## Work to be completed
Your answer should hold every line of the records below that contains the string "take".

(Extracted records)
=-=-=

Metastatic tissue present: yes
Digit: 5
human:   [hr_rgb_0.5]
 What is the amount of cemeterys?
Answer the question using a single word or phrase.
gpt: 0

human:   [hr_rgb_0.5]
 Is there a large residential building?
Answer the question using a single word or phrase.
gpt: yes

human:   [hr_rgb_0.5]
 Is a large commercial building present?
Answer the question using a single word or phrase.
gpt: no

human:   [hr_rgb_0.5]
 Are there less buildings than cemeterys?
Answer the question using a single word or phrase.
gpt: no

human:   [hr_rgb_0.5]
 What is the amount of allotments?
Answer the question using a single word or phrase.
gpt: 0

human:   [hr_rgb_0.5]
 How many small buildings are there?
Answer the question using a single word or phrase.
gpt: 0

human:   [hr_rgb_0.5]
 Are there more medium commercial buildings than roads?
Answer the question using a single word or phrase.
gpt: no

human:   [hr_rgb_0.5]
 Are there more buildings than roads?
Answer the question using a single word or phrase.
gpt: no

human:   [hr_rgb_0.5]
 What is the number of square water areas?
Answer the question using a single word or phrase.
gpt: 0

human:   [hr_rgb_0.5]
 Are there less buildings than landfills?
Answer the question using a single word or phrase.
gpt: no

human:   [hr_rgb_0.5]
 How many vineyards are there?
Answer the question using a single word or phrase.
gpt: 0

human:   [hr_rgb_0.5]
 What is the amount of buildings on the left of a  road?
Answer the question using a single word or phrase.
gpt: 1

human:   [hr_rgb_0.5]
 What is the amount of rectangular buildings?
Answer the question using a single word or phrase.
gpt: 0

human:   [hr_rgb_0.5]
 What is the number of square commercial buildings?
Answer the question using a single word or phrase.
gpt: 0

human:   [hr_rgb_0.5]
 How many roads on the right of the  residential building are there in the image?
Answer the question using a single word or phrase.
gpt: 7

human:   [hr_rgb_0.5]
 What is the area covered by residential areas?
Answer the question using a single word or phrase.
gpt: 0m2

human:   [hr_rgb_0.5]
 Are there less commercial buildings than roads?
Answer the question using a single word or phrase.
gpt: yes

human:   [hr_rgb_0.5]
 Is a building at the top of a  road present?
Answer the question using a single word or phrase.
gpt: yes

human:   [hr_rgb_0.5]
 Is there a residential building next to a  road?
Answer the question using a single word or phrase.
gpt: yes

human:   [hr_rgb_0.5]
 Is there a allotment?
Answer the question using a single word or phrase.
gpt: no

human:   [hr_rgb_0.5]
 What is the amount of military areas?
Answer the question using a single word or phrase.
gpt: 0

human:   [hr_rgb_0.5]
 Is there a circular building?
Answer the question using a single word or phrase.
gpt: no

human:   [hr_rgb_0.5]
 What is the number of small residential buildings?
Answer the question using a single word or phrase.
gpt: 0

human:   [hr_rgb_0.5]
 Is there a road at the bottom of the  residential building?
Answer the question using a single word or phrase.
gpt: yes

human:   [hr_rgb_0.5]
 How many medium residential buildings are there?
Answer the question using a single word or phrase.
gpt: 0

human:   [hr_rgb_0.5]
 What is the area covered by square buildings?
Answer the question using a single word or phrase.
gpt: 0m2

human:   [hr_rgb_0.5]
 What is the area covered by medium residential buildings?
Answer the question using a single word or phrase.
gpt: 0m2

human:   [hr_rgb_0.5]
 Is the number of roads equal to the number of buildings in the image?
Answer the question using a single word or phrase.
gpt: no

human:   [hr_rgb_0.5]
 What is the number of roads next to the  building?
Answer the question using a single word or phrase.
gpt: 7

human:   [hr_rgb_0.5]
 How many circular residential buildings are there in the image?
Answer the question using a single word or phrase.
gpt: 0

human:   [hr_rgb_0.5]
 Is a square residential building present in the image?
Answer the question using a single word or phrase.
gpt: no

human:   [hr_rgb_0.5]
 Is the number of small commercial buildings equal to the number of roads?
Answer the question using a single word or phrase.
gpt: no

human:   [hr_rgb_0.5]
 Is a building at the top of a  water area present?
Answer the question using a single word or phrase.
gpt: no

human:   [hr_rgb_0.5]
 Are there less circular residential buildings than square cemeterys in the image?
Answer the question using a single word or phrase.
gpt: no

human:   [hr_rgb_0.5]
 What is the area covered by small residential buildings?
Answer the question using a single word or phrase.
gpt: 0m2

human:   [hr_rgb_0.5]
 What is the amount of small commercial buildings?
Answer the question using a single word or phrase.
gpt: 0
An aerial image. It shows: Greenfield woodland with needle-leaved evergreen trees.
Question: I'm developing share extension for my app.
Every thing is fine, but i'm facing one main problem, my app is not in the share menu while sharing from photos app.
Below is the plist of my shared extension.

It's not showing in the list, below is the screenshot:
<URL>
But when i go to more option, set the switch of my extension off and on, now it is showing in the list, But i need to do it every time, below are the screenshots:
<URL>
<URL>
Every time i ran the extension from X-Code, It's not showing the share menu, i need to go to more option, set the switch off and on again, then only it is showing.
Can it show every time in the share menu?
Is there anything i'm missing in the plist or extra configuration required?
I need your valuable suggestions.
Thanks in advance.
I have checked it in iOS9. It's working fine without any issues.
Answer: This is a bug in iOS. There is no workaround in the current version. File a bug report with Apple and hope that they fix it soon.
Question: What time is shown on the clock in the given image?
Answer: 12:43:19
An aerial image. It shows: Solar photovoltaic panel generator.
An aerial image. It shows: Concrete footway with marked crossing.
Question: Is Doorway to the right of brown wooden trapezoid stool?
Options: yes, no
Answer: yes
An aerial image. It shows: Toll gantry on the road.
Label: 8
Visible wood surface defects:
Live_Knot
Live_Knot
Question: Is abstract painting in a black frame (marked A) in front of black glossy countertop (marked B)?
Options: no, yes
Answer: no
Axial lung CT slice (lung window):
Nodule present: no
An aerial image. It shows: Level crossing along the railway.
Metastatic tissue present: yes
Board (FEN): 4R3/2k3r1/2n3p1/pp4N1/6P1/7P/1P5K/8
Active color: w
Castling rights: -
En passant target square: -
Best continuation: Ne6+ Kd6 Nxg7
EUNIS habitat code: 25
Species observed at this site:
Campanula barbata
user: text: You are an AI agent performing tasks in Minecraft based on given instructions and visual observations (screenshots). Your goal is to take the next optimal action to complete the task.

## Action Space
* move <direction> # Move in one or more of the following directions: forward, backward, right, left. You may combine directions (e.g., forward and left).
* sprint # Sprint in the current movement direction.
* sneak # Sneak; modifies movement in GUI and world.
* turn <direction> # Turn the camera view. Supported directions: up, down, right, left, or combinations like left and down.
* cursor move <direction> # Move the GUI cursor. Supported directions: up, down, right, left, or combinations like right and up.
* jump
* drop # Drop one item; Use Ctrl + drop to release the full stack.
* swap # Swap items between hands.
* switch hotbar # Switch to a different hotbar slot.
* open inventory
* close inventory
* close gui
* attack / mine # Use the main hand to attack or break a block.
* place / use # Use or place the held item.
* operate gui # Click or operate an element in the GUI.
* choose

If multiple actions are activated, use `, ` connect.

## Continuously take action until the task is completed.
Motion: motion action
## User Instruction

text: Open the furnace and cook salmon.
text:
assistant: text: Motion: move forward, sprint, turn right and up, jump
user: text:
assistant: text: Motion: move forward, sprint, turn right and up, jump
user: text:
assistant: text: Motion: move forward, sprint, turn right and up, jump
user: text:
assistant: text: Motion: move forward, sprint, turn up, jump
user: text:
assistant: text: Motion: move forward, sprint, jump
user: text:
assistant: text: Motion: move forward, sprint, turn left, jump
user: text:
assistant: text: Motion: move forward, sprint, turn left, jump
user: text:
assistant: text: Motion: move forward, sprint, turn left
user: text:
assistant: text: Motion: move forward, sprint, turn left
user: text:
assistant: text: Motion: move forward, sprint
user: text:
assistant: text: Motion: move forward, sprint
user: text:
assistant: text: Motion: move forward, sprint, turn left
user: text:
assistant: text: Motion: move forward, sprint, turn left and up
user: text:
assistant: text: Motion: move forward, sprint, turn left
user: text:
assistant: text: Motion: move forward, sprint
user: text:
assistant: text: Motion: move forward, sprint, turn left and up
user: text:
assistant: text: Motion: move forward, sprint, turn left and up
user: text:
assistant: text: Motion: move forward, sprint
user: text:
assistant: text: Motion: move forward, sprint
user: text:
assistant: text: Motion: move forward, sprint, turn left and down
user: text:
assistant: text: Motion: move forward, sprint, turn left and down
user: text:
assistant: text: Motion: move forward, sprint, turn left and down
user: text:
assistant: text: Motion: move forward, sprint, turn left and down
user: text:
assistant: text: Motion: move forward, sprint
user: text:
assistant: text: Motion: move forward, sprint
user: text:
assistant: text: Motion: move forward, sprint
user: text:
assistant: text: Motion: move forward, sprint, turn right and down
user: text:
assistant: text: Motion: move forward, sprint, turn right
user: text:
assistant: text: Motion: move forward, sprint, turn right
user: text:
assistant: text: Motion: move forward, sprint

=-=-=

## Solution
user: text: You are an AI agent performing tasks in Minecraft based on given instructions and visual observations (screenshots). Your goal is to take the next optimal action to complete the task.
## Continuously take action until the task is completed.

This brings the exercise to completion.